In section 1, the bindParam(), in 2 the parameters are passed directly in the execute, but also the prepare().

2 answers

5


In terms of security there is no difference. One of the differences is that bindParam() in addition to offering parameter typing(PDO::PARAM_STR, PDO::PARAM_INT etc) has other obscure features for using stored procedures. See the method signature.

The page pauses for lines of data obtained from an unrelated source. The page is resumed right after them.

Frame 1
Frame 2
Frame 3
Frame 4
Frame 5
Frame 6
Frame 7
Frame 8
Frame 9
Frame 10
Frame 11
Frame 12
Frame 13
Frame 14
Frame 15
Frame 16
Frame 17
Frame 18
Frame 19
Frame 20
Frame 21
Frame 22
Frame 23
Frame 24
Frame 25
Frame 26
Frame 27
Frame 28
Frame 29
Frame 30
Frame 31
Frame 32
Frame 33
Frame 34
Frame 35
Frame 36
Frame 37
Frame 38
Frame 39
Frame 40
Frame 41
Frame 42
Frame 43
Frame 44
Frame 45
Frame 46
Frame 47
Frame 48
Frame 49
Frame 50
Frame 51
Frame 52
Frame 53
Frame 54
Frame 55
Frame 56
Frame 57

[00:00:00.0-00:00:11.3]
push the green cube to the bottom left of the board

public bool Pdostatement::bindParam ( Mixed $Parameter , Mixed &$variable [, int $data_type = PDO::PARAM_STR [, int $length [, Mixed $driver_options ]]] )

When using the execute() all parameters are sent as PDO::PARAM_STR the most that can happen is your query fails if you have placeholder on the clasp LIMIT/OFFSET.

Related:

What is the difference between bindParam and bindValue?

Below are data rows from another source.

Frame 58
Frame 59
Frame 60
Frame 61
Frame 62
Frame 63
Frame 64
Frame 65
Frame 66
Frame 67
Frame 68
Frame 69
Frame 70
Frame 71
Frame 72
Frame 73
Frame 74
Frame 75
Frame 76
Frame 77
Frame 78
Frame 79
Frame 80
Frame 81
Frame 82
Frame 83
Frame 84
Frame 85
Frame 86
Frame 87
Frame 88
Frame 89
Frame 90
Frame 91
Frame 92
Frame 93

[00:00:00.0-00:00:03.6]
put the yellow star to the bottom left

Using PDO is the safest way to connect to a PHP BD?

  • If I type, and pass a parameter that does not obey it, it either converts and executes it or it does not perform?

  • If you type a string as boolean will work, you will only have a problem in the case I quoted in the question, Prepared statements are emulated by default. @Miguelneto

3

Technically and theoretically, there’s no difference, because if you’re going to analyze, in the first case, where you used the bindParam, with symbolic type placeholders (?):

$sth->bindParam(1, $calories, PDO::PARAM_INT);

You used the number 1 as a reference to that placeholder.

Writing the parameters online, along with the method execute, you are doing nothing different, each value receives indexes according to the number of placeholders specified.

$sth->execute( array( 0 => 150, 1 => 'red' ) ); 

It would be the same as doing:

$params = array(150,'red');
$sth->execute($params);

If you still have questions, I recommend you read this:

  • $sth->execute( array( 1 => 150, 2 => 'red' ) ); returns: SQLSTATE[HY093]: Invalid Parameter number: Parameter was not defined. If you take the index as a second example or start at zero it does not occur, only bindValue/Param need to start with 1.

  • I kept the indexes in the edit, it was to have them removed, so that they would be normal. The error SQLSTATE[HY093]: Invalid Parameter number:, is due to the index 0, signed as NULL, precisely because of this, that is, it does not exist for the array, but becomes a fictitious value in the execution, when the parameters are arranged.